Sunspot rotation. II. Effects of varying the field strength and twist of an emerging flux tube

TL;DR

This study uses MHD simulations to explore how varying the initial magnetic field strength and twist of flux tubes influences sunspot rotation and magnetic energy transport at the photosphere.

Contribution

It provides a detailed parameter study showing how initial field strength and twist affect sunspot rotation, magnetic energy, and helicity transfer.

Findings

Higher initial field strength increases rotation angle and magnetic energy transported.

Longer fieldlines lead to lower twist per unit length, affecting the flux tube's evolution.

Higher initial twist correlates with faster sunspot rotation and more helicity transfer.

Abstract

Context. Observations of flux emergence indicate that rotational velocities may develop within sunspots. However, the dependence of this rotation on sub-photospheric field strength and twist remains largely unknown. Aims. We investigate the effects of varying the initial field strength and twist of an emerging sub-photospheric magnetic flux tube on the rotation of the sunspots at the photosphere. Methods. We consider a simple model of a stratified domain with a sub-photospheric interior layer and three overlying atmospheric layers. A twisted arched flux tube is inserted in the interior and is allowed to rise into the atmosphere. To achieve this, the MHD equations are solved using the Lagrangian-remap code, Lare3d. We perform a parameter study by independently varying the sub-photospheric magnetic field strength and twist. Results.
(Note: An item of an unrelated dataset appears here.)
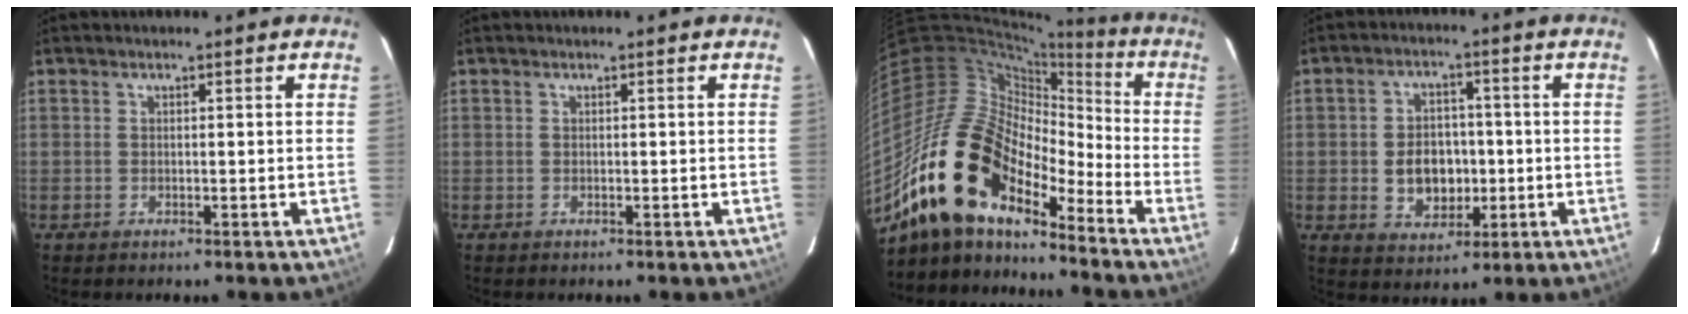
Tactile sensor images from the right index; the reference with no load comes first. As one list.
[{"total": 0.0}, {"total": 18.1, "force": [-13.0, 8.5, 9.2], "torque": [-0.162, -0.003, -0.255]}, {"total": 8.2, "force": [-1.1, 6.4, 5.0], "torque": [-0.103, 0.010, -0.006]}]
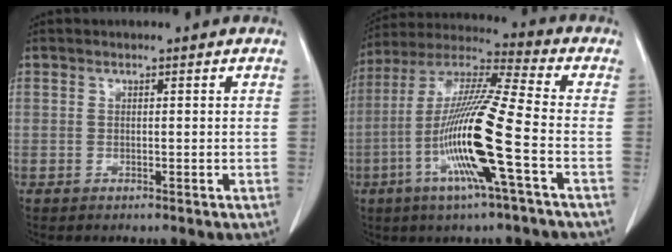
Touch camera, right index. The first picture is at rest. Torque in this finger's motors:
{"motor_torque": [2.14, 0.00, 1.05, 0.21]}

Altering the initial field strength and twist significantly affects the tube's evolution and the rotational motions that develop at the photosphere. The rotation angle, vorticity, and current show a direct dependence on the initial field strength. We find that an increase in field strength increases the angle through which the fieldlines rotate, the length of fieldlines extending into the atmosphere, and the magnetic energy transported to the atmosphere. This also affects the amount of residual twist in the interior. The length of the fieldlines is crucial as we predict the twist per unit length equilibrates to a lower value on longer fieldlines. No such direct dependence is found when we modify the twist owing to the complex effect this has on the tension force acting on the tube. However, there is still a clear ordering in quantities such as the rotation angle, helicity, and free energy with higher initial twist cases being related to sunspots that rotate more rapidly, transporting more helicity and magnetic energy to the atmosphere.